Segment Start: MATERIAL FOR THIS TASK
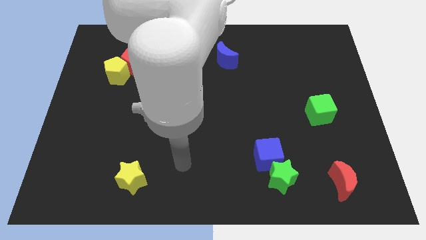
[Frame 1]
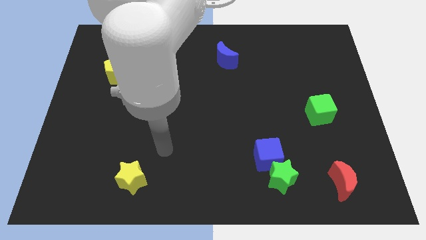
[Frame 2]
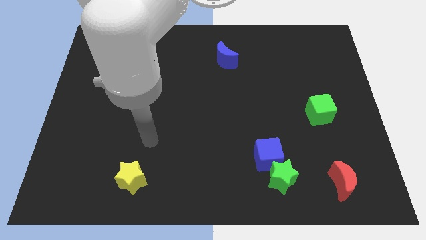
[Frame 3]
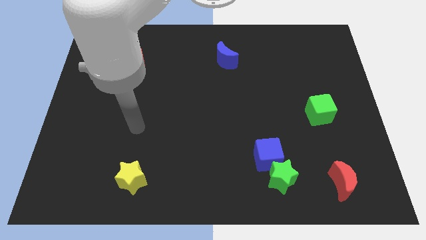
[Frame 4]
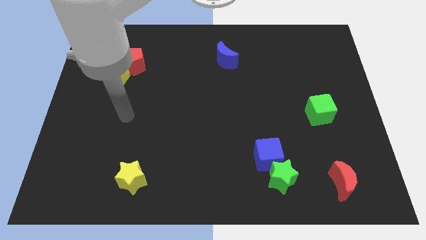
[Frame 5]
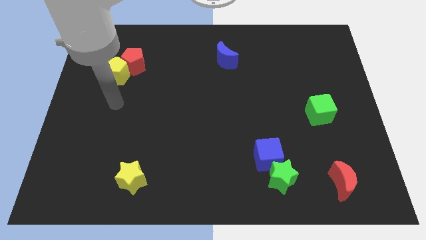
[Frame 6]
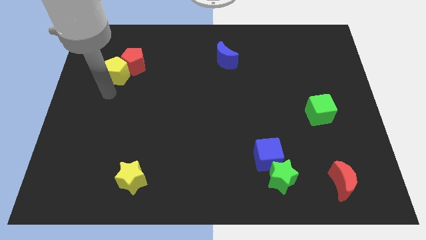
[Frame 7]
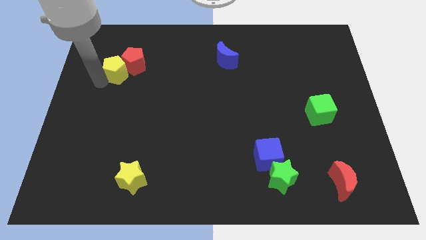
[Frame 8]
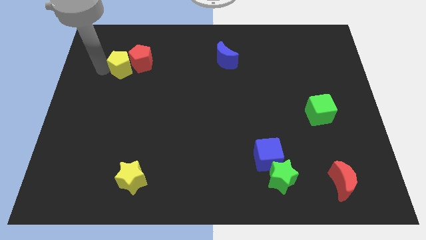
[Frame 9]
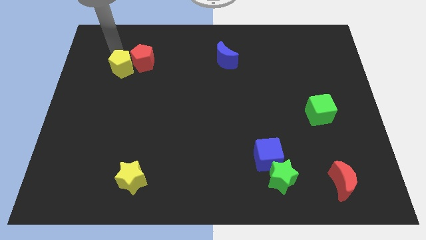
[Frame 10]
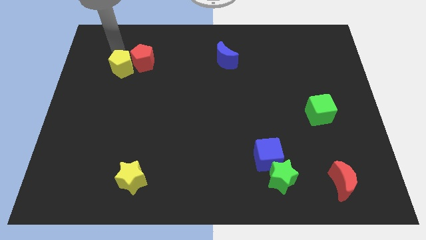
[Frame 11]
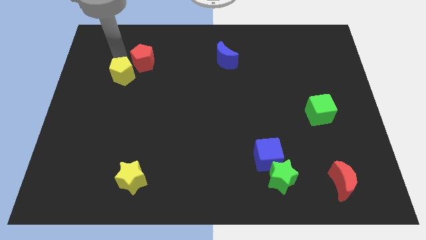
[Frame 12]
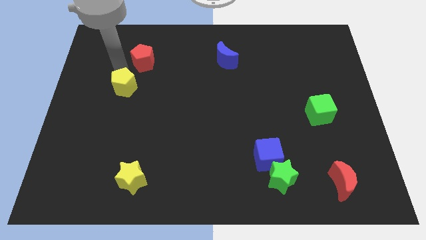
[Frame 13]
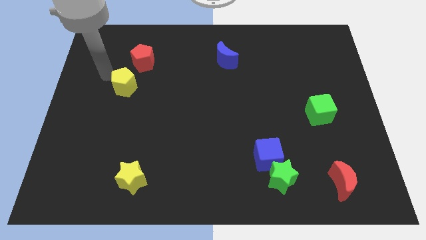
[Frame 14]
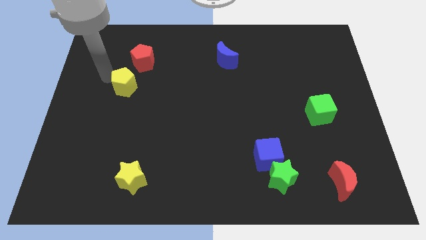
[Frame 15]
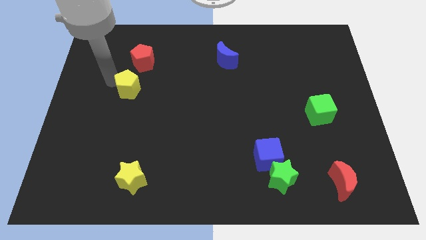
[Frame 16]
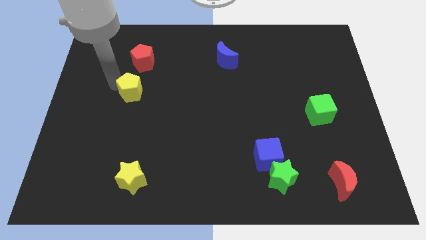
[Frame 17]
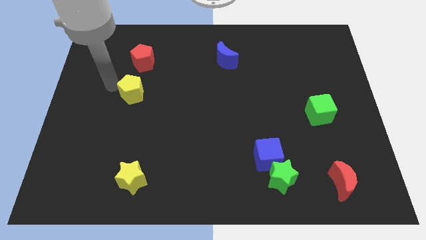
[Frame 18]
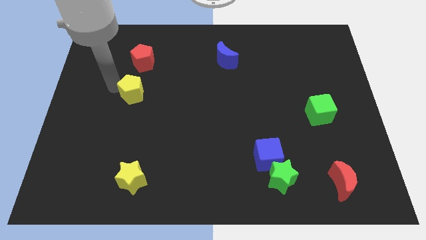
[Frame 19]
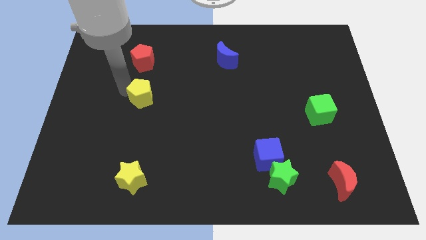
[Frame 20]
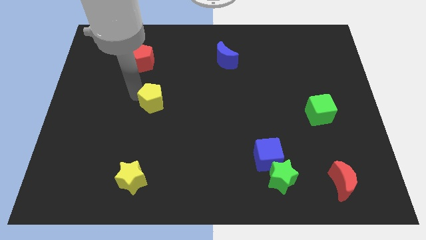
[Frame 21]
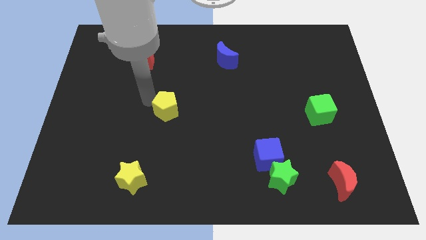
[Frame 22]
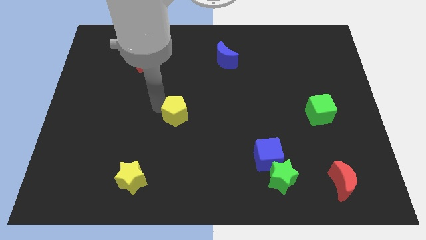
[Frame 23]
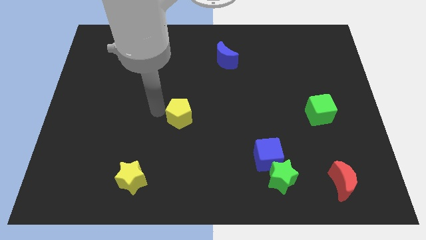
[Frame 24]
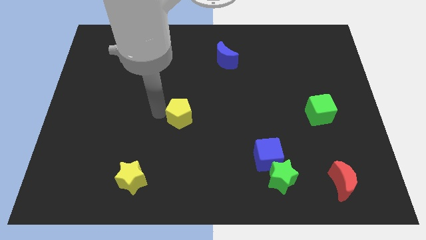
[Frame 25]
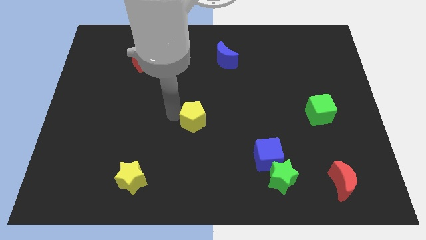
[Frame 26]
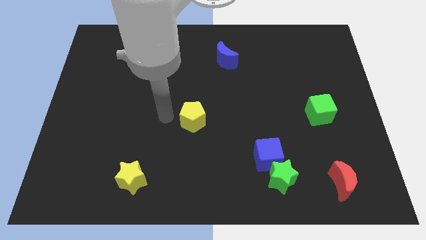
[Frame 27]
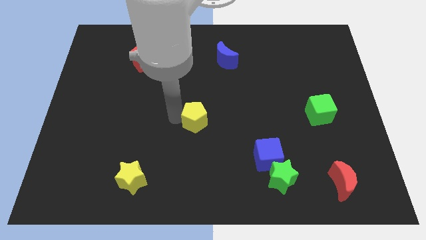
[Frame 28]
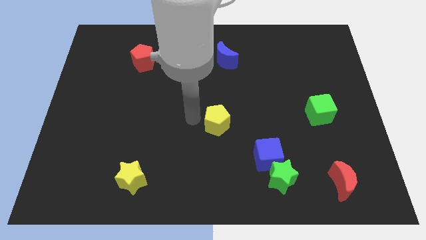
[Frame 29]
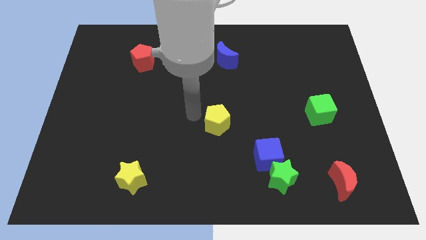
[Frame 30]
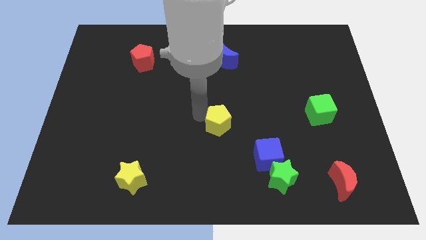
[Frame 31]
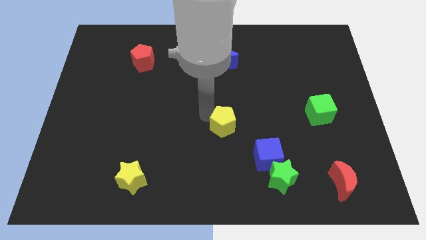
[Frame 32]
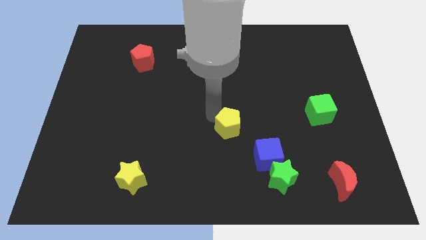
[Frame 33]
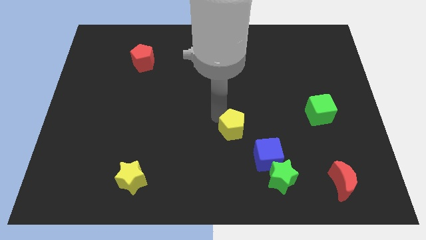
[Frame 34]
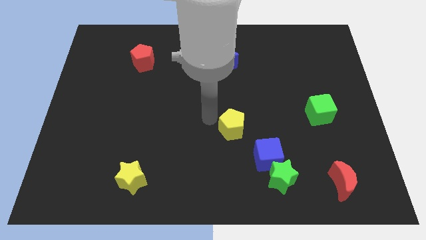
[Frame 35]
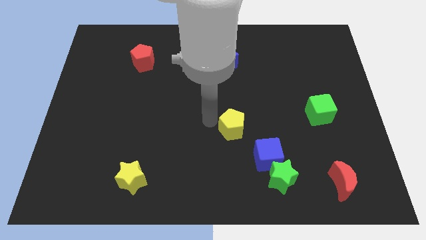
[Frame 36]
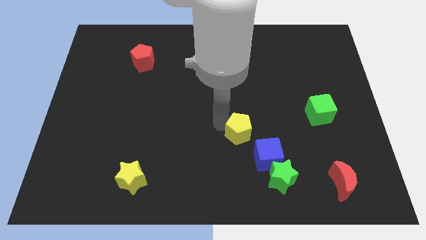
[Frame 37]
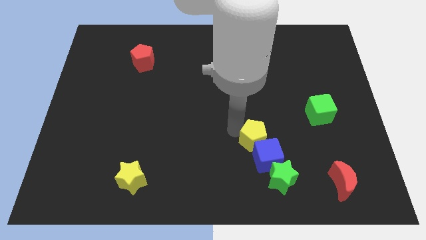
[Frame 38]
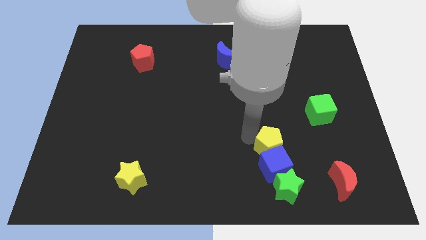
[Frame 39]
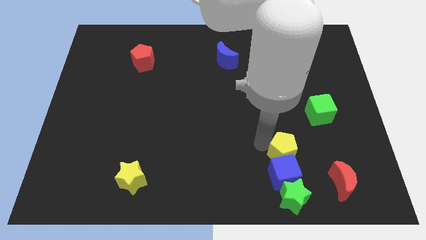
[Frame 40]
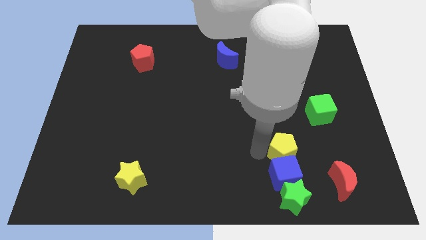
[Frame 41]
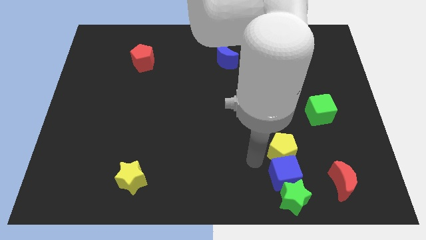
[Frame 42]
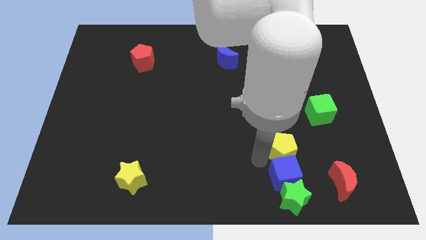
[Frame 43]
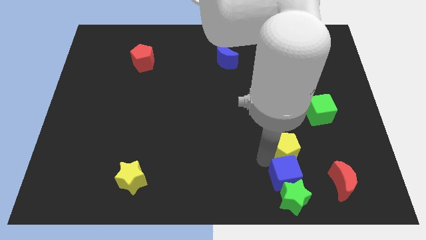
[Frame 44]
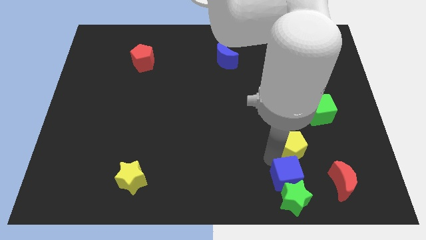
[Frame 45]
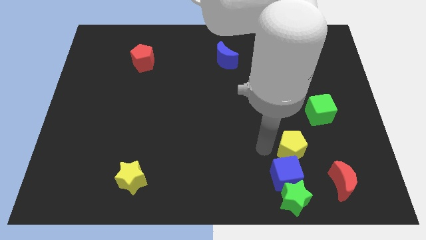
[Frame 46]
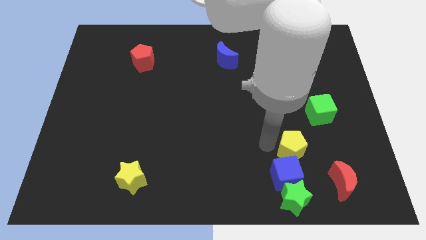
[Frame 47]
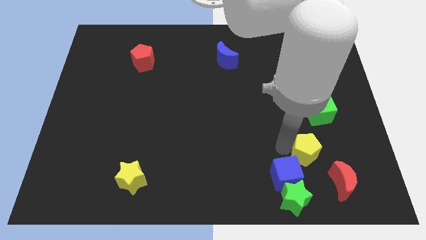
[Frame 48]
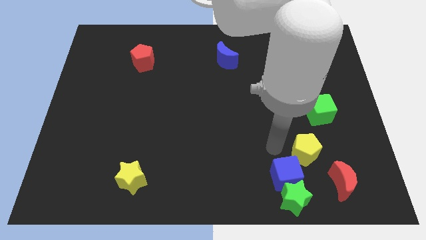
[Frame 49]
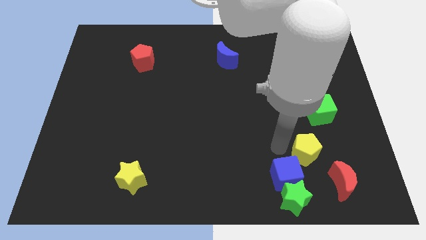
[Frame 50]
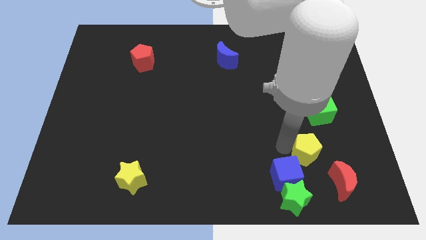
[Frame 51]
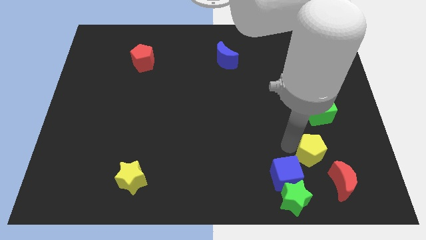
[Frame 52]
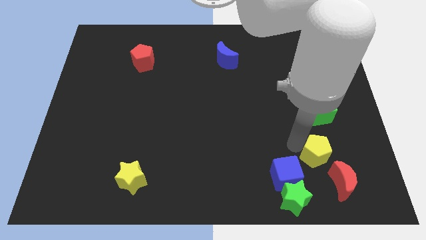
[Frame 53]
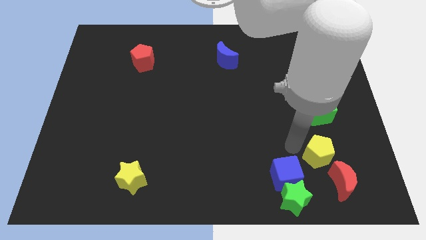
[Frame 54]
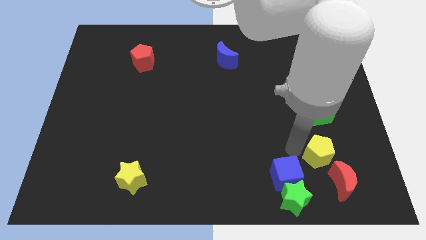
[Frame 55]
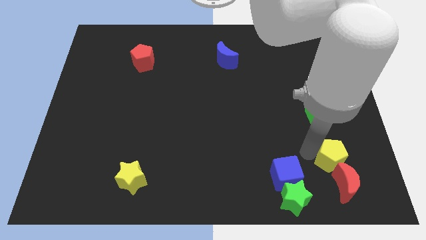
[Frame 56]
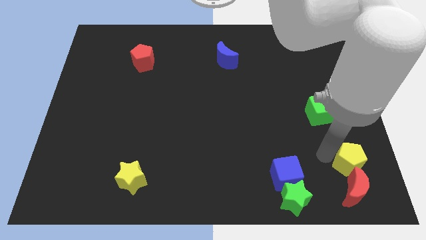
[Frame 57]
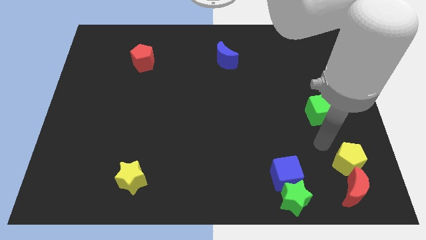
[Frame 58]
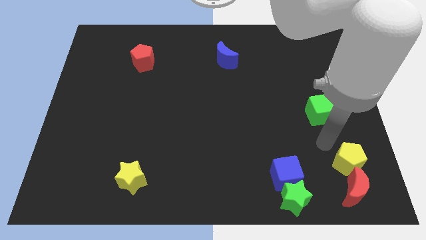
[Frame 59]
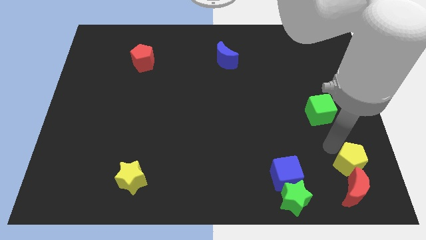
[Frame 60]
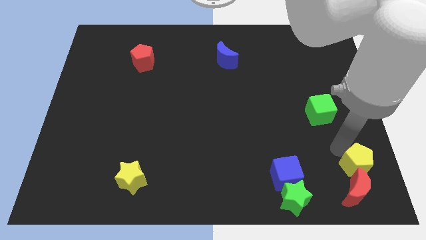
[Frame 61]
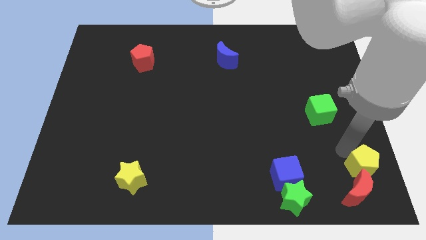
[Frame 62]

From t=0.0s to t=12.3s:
push the yellow pentagon to the bottom right corner
Segment End: MATERIAL FOR THIS TASK
WHAT YOU WILL DO:
Copy every line of the data exactly as written, excluding the pictures.

WRITTEN ANSWER:
[Frame 1]
[Frame 2]
[Frame 3]
[Frame 4]
[Frame 5]
[Frame 6]
[Frame 7]
[Frame 8]
[Frame 9]
[Frame 10]
[Frame 11]
[Frame 12]
[Frame 13]
[Frame 14]
[Frame 15]
[Frame 16]
[Frame 17]
[Frame 18]
[Frame 19]
[Frame 20]
[Frame 21]
[Frame 22]
[Frame 23]
[Frame 24]
[Frame 25]
[Frame 26]
[Frame 27]
[Frame 28]
[Frame 29]
[Frame 30]
[Frame 31]
[Frame 32]
[Frame 33]
[Frame 34]
[Frame 35]
[Frame 36]
[Frame 37]
[Frame 38]
[Frame 39]
[Frame 40]
[Frame 41]
[Frame 42]
[Frame 43]
[Frame 44]
[Frame 45]
[Frame 46]
[Frame 47]
[Frame 48]
[Frame 49]
[Frame 50]
[Frame 51]
[Frame 52]
[Frame 53]
[Frame 54]
[Frame 55]
[Frame 56]
[Frame 57]
[Frame 58]
[Frame 59]
[Frame 60]
[Frame 61]
[Frame 62]

From t=0.0s to t=12.3s:
push the yellow pentagon to the bottom right corner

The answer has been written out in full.